## [Raw data]
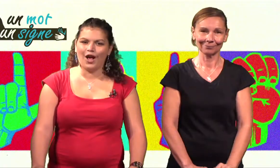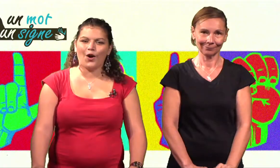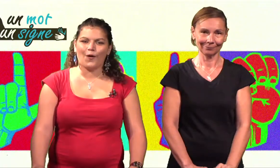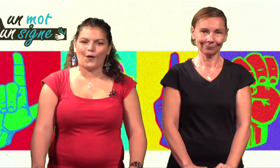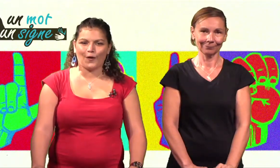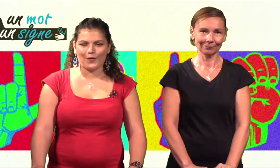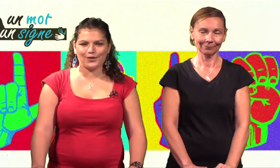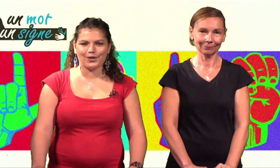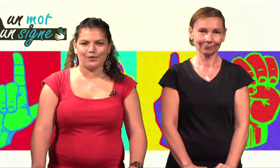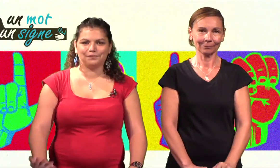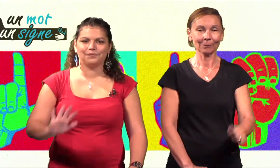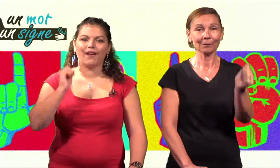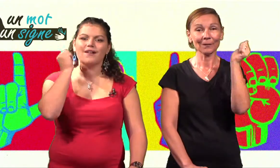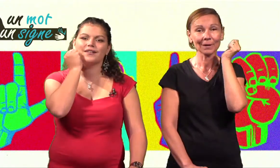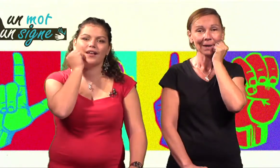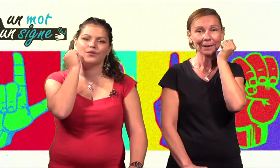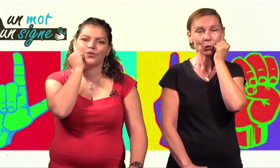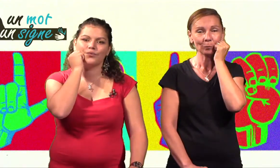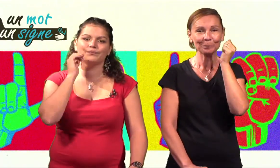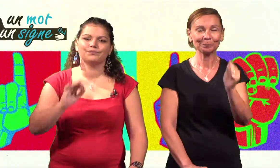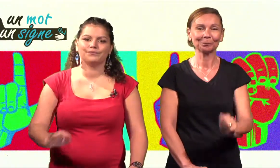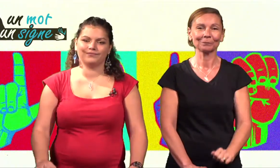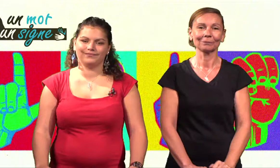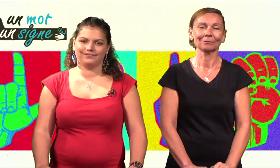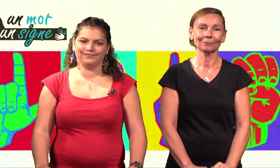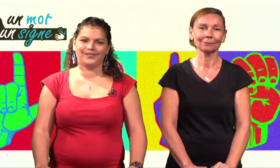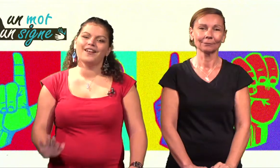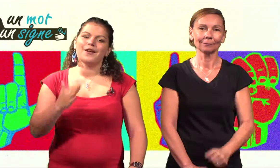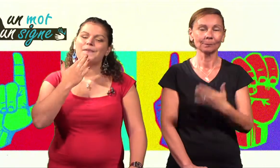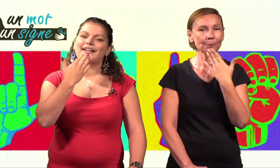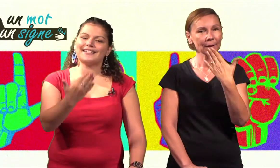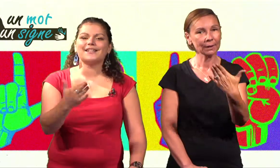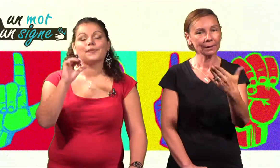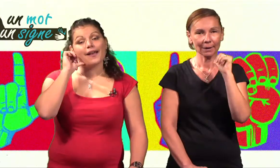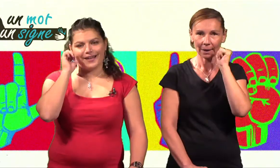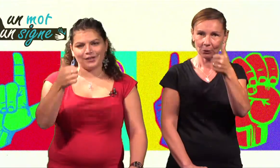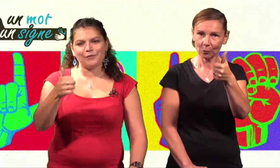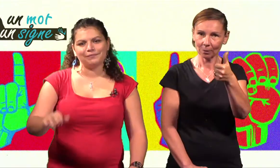On le refait ensemble ? Merci et à demain !
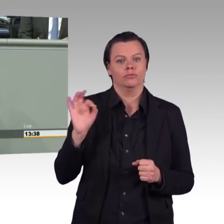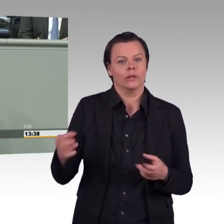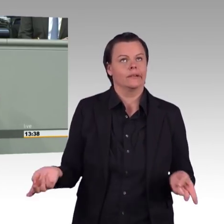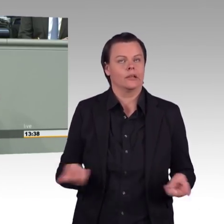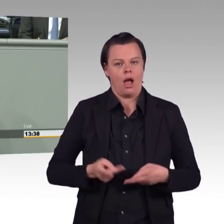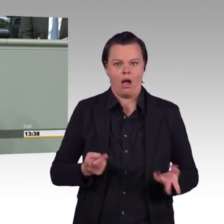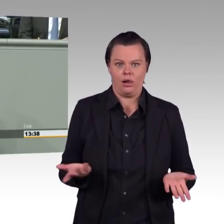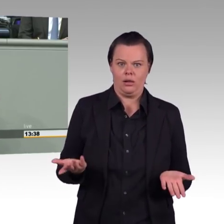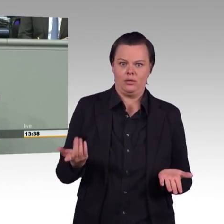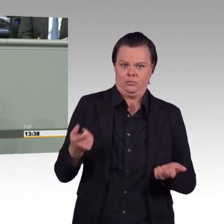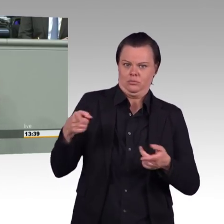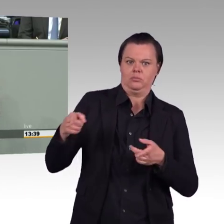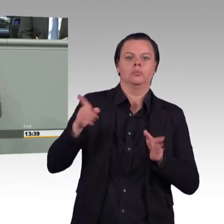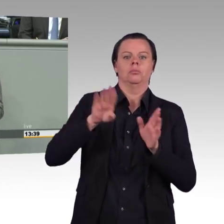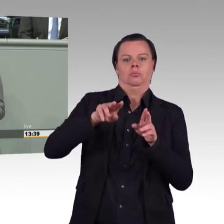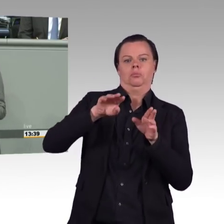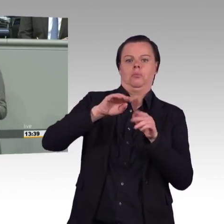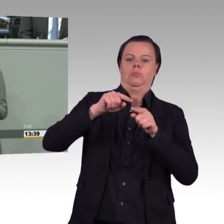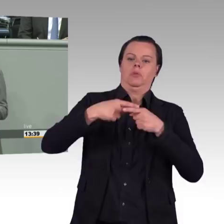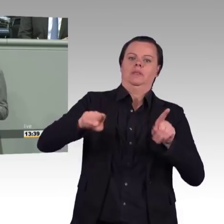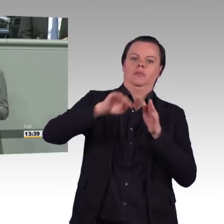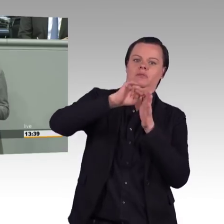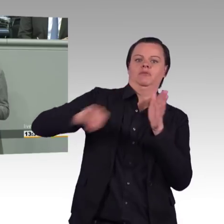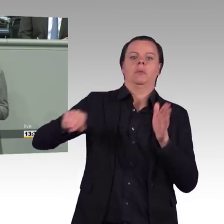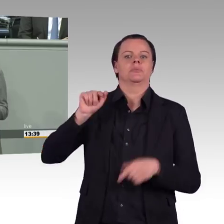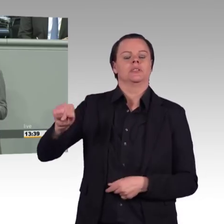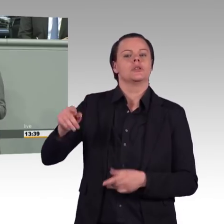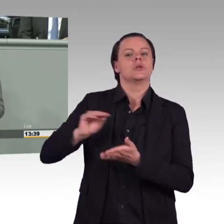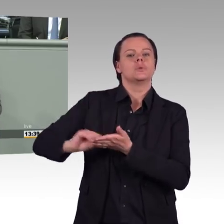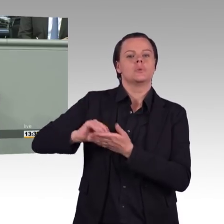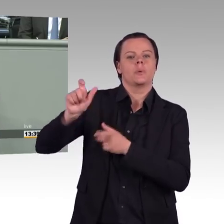Sie einen Zwischenruf des… eine Zwischenfrage des Kollegen Hilse. Ach nee. Danke.
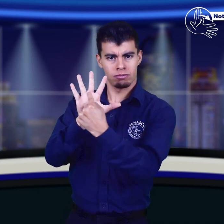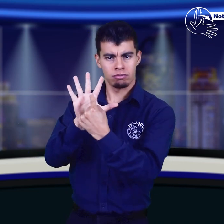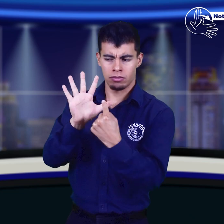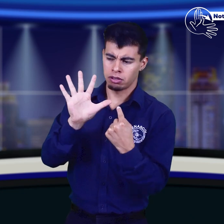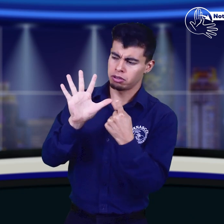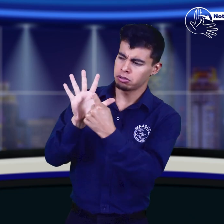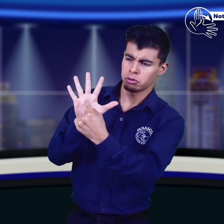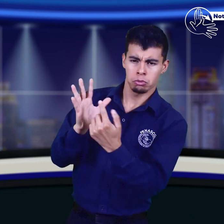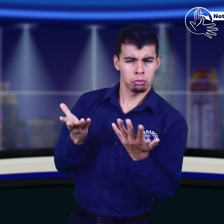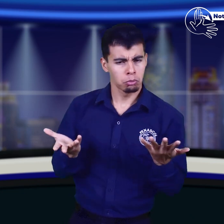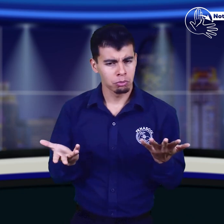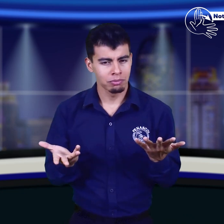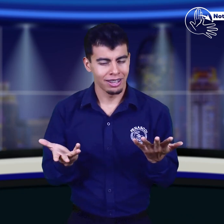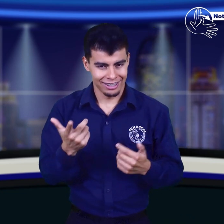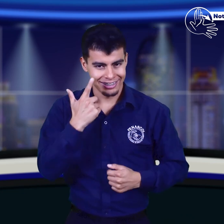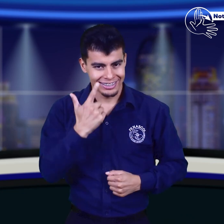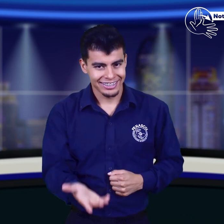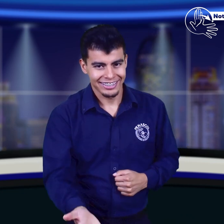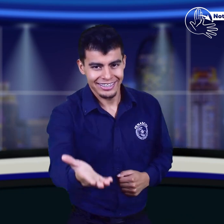miembros. ¿Quiénes son? Veamos.
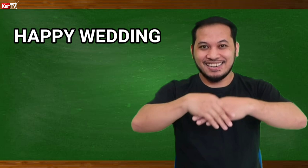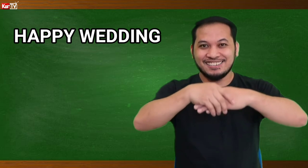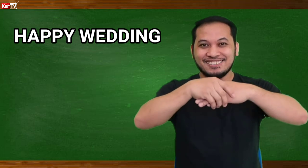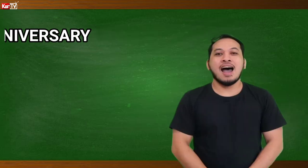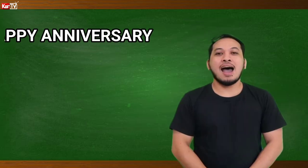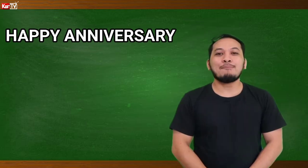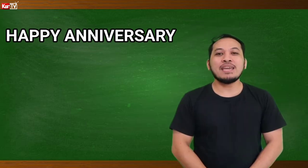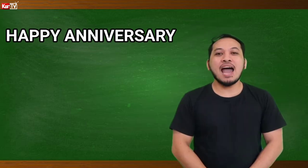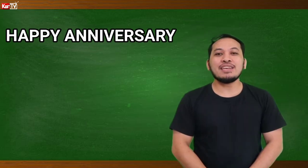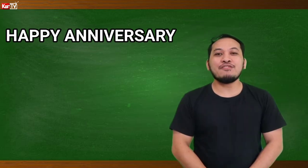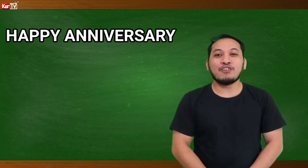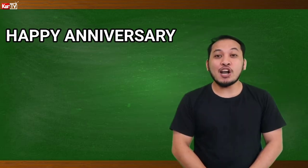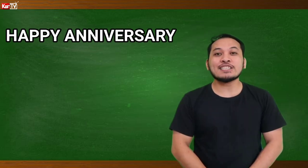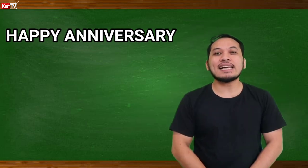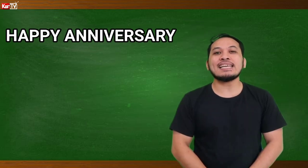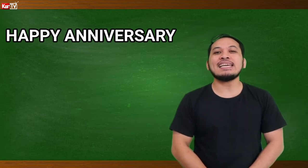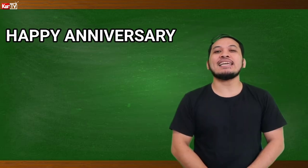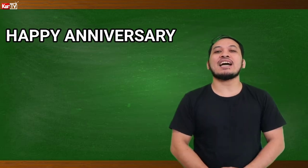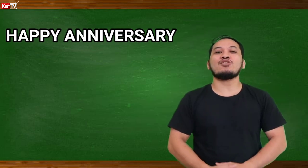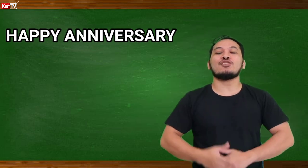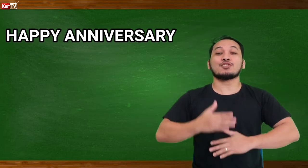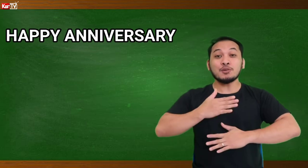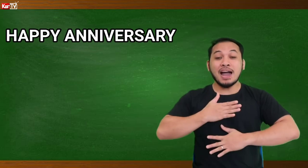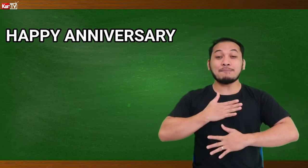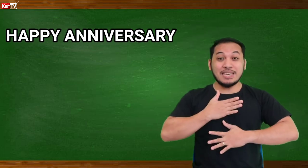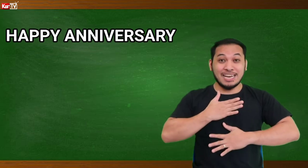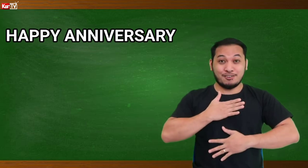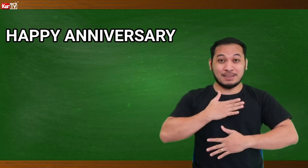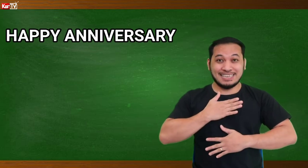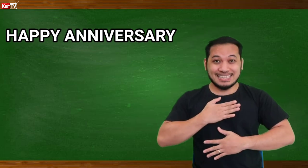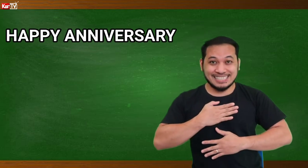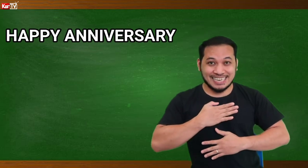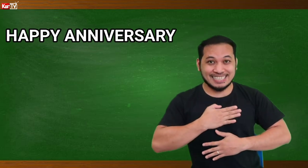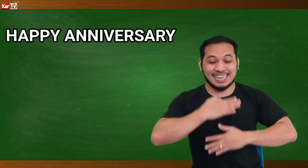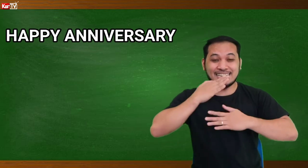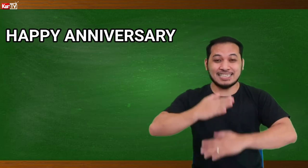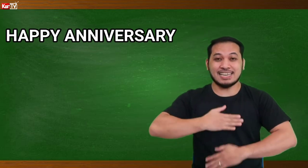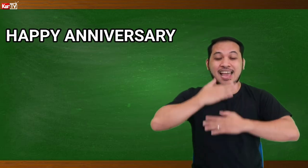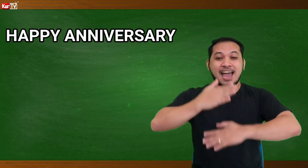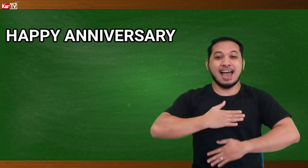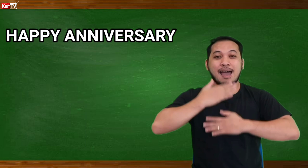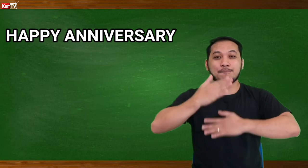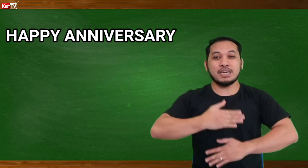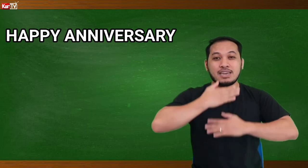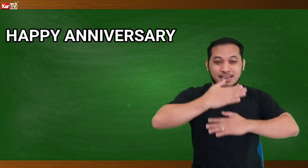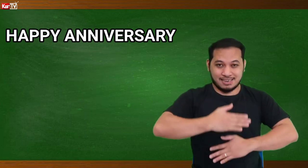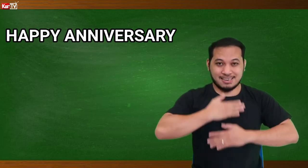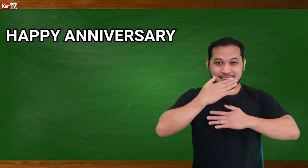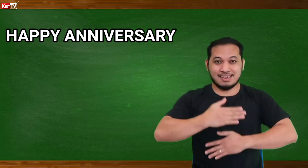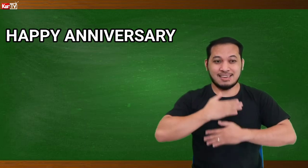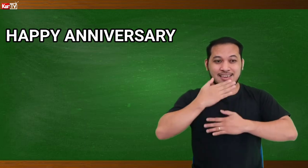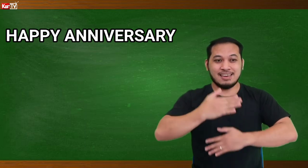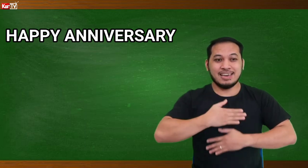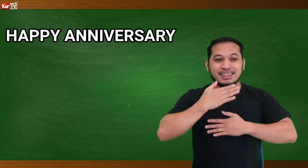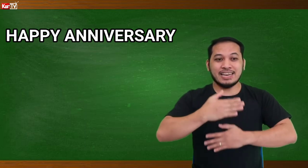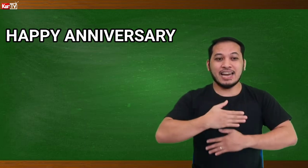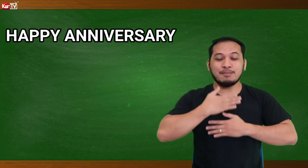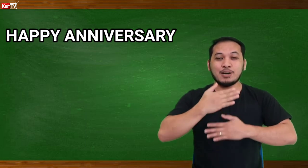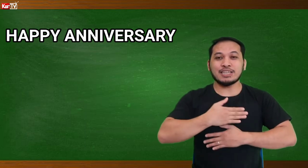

## [Exercise instructions]
Omit the pictures and reproduce the remaining material above exactly.

## [Task response]
On le refait ensemble ? Merci et à demain !
Sie einen Zwischenruf des… eine Zwischenfrage des Kollegen Hilse. Ach nee. Danke.
miembros. ¿Quiénes son? Veamos.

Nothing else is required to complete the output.